# Work task:
Transcribe each entry. Change nothing.

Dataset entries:
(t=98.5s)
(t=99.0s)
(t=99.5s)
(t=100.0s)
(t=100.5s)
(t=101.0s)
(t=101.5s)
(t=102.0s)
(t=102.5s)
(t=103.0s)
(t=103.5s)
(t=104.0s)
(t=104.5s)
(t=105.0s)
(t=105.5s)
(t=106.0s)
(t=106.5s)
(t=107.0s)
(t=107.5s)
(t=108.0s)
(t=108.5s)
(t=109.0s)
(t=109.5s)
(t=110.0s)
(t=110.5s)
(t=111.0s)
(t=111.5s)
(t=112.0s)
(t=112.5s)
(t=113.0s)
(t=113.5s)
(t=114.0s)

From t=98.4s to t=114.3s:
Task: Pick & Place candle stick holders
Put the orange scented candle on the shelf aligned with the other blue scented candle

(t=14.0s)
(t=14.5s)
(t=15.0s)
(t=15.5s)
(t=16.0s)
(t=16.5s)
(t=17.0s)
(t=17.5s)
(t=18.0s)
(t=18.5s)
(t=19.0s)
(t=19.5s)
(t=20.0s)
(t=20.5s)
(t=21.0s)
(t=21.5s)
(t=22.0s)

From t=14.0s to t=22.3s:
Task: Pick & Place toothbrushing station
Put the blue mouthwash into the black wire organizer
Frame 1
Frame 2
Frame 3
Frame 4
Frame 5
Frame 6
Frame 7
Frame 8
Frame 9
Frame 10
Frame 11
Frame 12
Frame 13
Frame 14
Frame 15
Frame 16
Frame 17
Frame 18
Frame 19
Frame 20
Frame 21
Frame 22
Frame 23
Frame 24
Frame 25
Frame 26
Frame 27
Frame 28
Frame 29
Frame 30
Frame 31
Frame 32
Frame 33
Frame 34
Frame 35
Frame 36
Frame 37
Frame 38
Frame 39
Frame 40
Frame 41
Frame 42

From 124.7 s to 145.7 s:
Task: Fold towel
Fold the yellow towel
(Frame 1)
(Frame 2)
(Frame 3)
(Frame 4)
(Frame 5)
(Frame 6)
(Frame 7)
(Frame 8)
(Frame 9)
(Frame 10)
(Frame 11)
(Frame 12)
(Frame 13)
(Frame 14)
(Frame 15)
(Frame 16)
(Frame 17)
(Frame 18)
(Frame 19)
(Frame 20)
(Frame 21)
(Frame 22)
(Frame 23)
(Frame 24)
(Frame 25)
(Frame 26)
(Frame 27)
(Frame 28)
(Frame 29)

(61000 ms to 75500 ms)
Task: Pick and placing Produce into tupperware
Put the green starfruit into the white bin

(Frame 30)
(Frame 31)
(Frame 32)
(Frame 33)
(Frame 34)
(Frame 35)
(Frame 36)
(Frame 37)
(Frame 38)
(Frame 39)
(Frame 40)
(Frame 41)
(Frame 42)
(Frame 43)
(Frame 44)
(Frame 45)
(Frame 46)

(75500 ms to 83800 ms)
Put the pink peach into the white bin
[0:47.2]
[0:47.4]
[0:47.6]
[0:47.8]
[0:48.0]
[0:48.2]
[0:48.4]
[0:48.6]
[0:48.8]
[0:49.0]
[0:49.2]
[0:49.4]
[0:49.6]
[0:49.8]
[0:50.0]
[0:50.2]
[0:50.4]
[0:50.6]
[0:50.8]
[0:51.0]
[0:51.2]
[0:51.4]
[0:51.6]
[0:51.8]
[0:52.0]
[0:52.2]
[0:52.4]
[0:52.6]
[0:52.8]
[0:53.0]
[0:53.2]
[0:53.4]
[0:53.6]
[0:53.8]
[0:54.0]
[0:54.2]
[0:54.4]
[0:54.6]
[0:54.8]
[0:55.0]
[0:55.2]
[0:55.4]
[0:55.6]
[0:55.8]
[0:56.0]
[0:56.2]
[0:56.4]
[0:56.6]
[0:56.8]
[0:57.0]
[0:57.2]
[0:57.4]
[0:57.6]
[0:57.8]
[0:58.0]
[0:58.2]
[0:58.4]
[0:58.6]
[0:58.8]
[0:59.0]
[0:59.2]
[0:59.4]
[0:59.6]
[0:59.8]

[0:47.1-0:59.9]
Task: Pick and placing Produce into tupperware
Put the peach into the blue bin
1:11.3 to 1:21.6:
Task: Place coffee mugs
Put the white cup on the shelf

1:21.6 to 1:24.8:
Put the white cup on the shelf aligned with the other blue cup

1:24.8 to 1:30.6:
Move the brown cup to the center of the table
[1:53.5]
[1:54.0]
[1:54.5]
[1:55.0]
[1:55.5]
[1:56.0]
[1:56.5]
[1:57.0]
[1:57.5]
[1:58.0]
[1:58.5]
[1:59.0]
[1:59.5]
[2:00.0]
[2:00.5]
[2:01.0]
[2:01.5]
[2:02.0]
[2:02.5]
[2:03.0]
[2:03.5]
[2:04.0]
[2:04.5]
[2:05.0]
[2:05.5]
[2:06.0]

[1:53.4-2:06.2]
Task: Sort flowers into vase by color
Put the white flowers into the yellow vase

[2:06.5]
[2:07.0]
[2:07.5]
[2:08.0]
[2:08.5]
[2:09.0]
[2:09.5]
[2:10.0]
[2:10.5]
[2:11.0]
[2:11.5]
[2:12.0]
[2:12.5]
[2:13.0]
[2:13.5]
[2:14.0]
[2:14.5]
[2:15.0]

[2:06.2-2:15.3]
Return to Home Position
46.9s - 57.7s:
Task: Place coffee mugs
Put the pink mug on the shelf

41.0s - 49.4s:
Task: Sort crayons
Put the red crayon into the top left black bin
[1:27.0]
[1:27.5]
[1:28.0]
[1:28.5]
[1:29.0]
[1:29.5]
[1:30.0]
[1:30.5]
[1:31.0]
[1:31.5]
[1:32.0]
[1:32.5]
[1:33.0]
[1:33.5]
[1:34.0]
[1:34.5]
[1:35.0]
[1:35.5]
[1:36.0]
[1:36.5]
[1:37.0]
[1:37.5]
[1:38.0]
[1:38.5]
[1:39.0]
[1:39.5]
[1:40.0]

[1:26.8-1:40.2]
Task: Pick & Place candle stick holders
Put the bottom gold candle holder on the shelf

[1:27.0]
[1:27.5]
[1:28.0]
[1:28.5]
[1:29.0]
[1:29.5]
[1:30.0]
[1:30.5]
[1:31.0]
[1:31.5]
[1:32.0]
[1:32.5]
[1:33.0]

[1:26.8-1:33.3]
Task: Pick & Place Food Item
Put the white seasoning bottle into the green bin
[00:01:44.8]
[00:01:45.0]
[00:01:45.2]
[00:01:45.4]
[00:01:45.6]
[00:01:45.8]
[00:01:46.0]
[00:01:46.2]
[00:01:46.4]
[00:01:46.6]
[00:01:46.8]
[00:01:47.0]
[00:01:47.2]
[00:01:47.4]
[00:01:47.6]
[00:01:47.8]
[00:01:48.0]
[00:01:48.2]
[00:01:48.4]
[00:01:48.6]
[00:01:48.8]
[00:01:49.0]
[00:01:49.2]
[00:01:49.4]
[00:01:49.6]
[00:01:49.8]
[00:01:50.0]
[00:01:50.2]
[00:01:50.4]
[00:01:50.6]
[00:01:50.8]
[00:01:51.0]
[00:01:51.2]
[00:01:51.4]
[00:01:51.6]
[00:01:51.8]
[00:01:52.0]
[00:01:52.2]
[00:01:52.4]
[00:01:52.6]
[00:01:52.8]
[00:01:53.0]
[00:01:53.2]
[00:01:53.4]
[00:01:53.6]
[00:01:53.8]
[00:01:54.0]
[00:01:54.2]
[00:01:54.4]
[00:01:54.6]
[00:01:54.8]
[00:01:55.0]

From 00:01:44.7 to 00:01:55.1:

# Answer:
(t=98.5s)
(t=99.0s)
(t=99.5s)
(t=100.0s)
(t=100.5s)
(t=101.0s)
(t=101.5s)
(t=102.0s)
(t=102.5s)
(t=103.0s)
(t=103.5s)
(t=104.0s)
(t=104.5s)
(t=105.0s)
(t=105.5s)
(t=106.0s)
(t=106.5s)
(t=107.0s)
(t=107.5s)
(t=108.0s)
(t=108.5s)
(t=109.0s)
(t=109.5s)
(t=110.0s)
(t=110.5s)
(t=111.0s)
(t=111.5s)
(t=112.0s)
(t=112.5s)
(t=113.0s)
(t=113.5s)
(t=114.0s)

From t=98.4s to t=114.3s:
Task: Pick & Place candle stick holders
Put the orange scented candle on the shelf aligned with the other blue scented candle

(t=14.0s)
(t=14.5s)
(t=15.0s)
(t=15.5s)
(t=16.0s)
(t=16.5s)
(t=17.0s)
(t=17.5s)
(t=18.0s)
(t=18.5s)
(t=19.0s)
(t=19.5s)
(t=20.0s)
(t=20.5s)
(t=21.0s)
(t=21.5s)
(t=22.0s)

From t=14.0s to t=22.3s:
Task: Pick & Place toothbrushing station
Put the blue mouthwash into the black wire organizer
Frame 1
Frame 2
Frame 3
Frame 4
Frame 5
Frame 6
Frame 7
Frame 8
Frame 9
Frame 10
Frame 11
Frame 12
Frame 13
Frame 14
Frame 15
Frame 16
Frame 17
Frame 18
Frame 19
Frame 20
Frame 21
Frame 22
Frame 23
Frame 24
Frame 25
Frame 26
Frame 27
Frame 28
Frame 29
Frame 30
Frame 31
Frame 32
Frame 33
Frame 34
Frame 35
Frame 36
Frame 37
Frame 38
Frame 39
Frame 40
Frame 41
Frame 42

From 124.7 s to 145.7 s:
Task: Fold towel
Fold the yellow towel
(Frame 1)
(Frame 2)
(Frame 3)
(Frame 4)
(Frame 5)
(Frame 6)
(Frame 7)
(Frame 8)
(Frame 9)
(Frame 10)
(Frame 11)
(Frame 12)
(Frame 13)
(Frame 14)
(Frame 15)
(Frame 16)
(Frame 17)
(Frame 18)
(Frame 19)
(Frame 20)
(Frame 21)
(Frame 22)
(Frame 23)
(Frame 24)
(Frame 25)
(Frame 26)
(Frame 27)
(Frame 28)
(Frame 29)

(61000 ms to 75500 ms)
Task: Pick and placing Produce into tupperware
Put the green starfruit into the white bin

(Frame 30)
(Frame 31)
(Frame 32)
(Frame 33)
(Frame 34)
(Frame 35)
(Frame 36)
(Frame 37)
(Frame 38)
(Frame 39)
(Frame 40)
(Frame 41)
(Frame 42)
(Frame 43)
(Frame 44)
(Frame 45)
(Frame 46)

(75500 ms to 83800 ms)
Put the pink peach into the white bin
[0:47.2]
[0:47.4]
[0:47.6]
[0:47.8]
[0:48.0]
[0:48.2]
[0:48.4]
[0:48.6]
[0:48.8]
[0:49.0]
[0:49.2]
[0:49.4]
[0:49.6]
[0:49.8]
[0:50.0]
[0:50.2]
[0:50.4]
[0:50.6]
[0:50.8]
[0:51.0]
[0:51.2]
[0:51.4]
[0:51.6]
[0:51.8]
[0:52.0]
[0:52.2]
[0:52.4]
[0:52.6]
[0:52.8]
[0:53.0]
[0:53.2]
[0:53.4]
[0:53.6]
[0:53.8]
[0:54.0]
[0:54.2]
[0:54.4]
[0:54.6]
[0:54.8]
[0:55.0]
[0:55.2]
[0:55.4]
[0:55.6]
[0:55.8]
[0:56.0]
[0:56.2]
[0:56.4]
[0:56.6]
[0:56.8]
[0:57.0]
[0:57.2]
[0:57.4]
[0:57.6]
[0:57.8]
[0:58.0]
[0:58.2]
[0:58.4]
[0:58.6]
[0:58.8]
[0:59.0]
[0:59.2]
[0:59.4]
[0:59.6]
[0:59.8]

[0:47.1-0:59.9]
Task: Pick and placing Produce into tupperware
Put the peach into the blue bin
1:11.3 to 1:21.6:
Task: Place coffee mugs
Put the white cup on the shelf

1:21.6 to 1:24.8:
Put the white cup on the shelf aligned with the other blue cup

1:24.8 to 1:30.6:
Move the brown cup to the center of the table
[1:53.5]
[1:54.0]
[1:54.5]
[1:55.0]
[1:55.5]
[1:56.0]
[1:56.5]
[1:57.0]
[1:57.5]
[1:58.0]
[1:58.5]
[1:59.0]
[1:59.5]
[2:00.0]
[2:00.5]
[2:01.0]
[2:01.5]
[2:02.0]
[2:02.5]
[2:03.0]
[2:03.5]
[2:04.0]
[2:04.5]
[2:05.0]
[2:05.5]
[2:06.0]

[1:53.4-2:06.2]
Task: Sort flowers into vase by color
Put the white flowers into the yellow vase

[2:06.5]
[2:07.0]
[2:07.5]
[2:08.0]
[2:08.5]
[2:09.0]
[2:09.5]
[2:10.0]
[2:10.5]
[2:11.0]
[2:11.5]
[2:12.0]
[2:12.5]
[2:13.0]
[2:13.5]
[2:14.0]
[2:14.5]
[2:15.0]

[2:06.2-2:15.3]
Return to Home Position
46.9s - 57.7s:
Task: Place coffee mugs
Put the pink mug on the shelf

41.0s - 49.4s:
Task: Sort crayons
Put the red crayon into the top left black bin
[1:27.0]
[1:27.5]
[1:28.0]
[1:28.5]
[1:29.0]
[1:29.5]
[1:30.0]
[1:30.5]
[1:31.0]
[1:31.5]
[1:32.0]
[1:32.5]
[1:33.0]
[1:33.5]
[1:34.0]
[1:34.5]
[1:35.0]
[1:35.5]
[1:36.0]
[1:36.5]
[1:37.0]
[1:37.5]
[1:38.0]
[1:38.5]
[1:39.0]
[1:39.5]
[1:40.0]

[1:26.8-1:40.2]
Task: Pick & Place candle stick holders
Put the bottom gold candle holder on the shelf

[1:27.0]
[1:27.5]
[1:28.0]
[1:28.5]
[1:29.0]
[1:29.5]
[1:30.0]
[1:30.5]
[1:31.0]
[1:31.5]
[1:32.0]
[1:32.5]
[1:33.0]

[1:26.8-1:33.3]
Task: Pick & Place Food Item
Put the white seasoning bottle into the green bin
[00:01:44.8]
[00:01:45.0]
[00:01:45.2]
[00:01:45.4]
[00:01:45.6]
[00:01:45.8]
[00:01:46.0]
[00:01:46.2]
[00:01:46.4]
[00:01:46.6]
[00:01:46.8]
[00:01:47.0]
[00:01:47.2]
[00:01:47.4]
[00:01:47.6]
[00:01:47.8]
[00:01:48.0]
[00:01:48.2]
[00:01:48.4]
[00:01:48.6]
[00:01:48.8]
[00:01:49.0]
[00:01:49.2]
[00:01:49.4]
[00:01:49.6]
[00:01:49.8]
[00:01:50.0]
[00:01:50.2]
[00:01:50.4]
[00:01:50.6]
[00:01:50.8]
[00:01:51.0]
[00:01:51.2]
[00:01:51.4]
[00:01:51.6]
[00:01:51.8]
[00:01:52.0]
[00:01:52.2]
[00:01:52.4]
[00:01:52.6]
[00:01:52.8]
[00:01:53.0]
[00:01:53.2]
[00:01:53.4]
[00:01:53.6]
[00:01:53.8]
[00:01:54.0]
[00:01:54.2]
[00:01:54.4]
[00:01:54.6]
[00:01:54.8]
[00:01:55.0]

From 00:01:44.7 to 00:01:55.1:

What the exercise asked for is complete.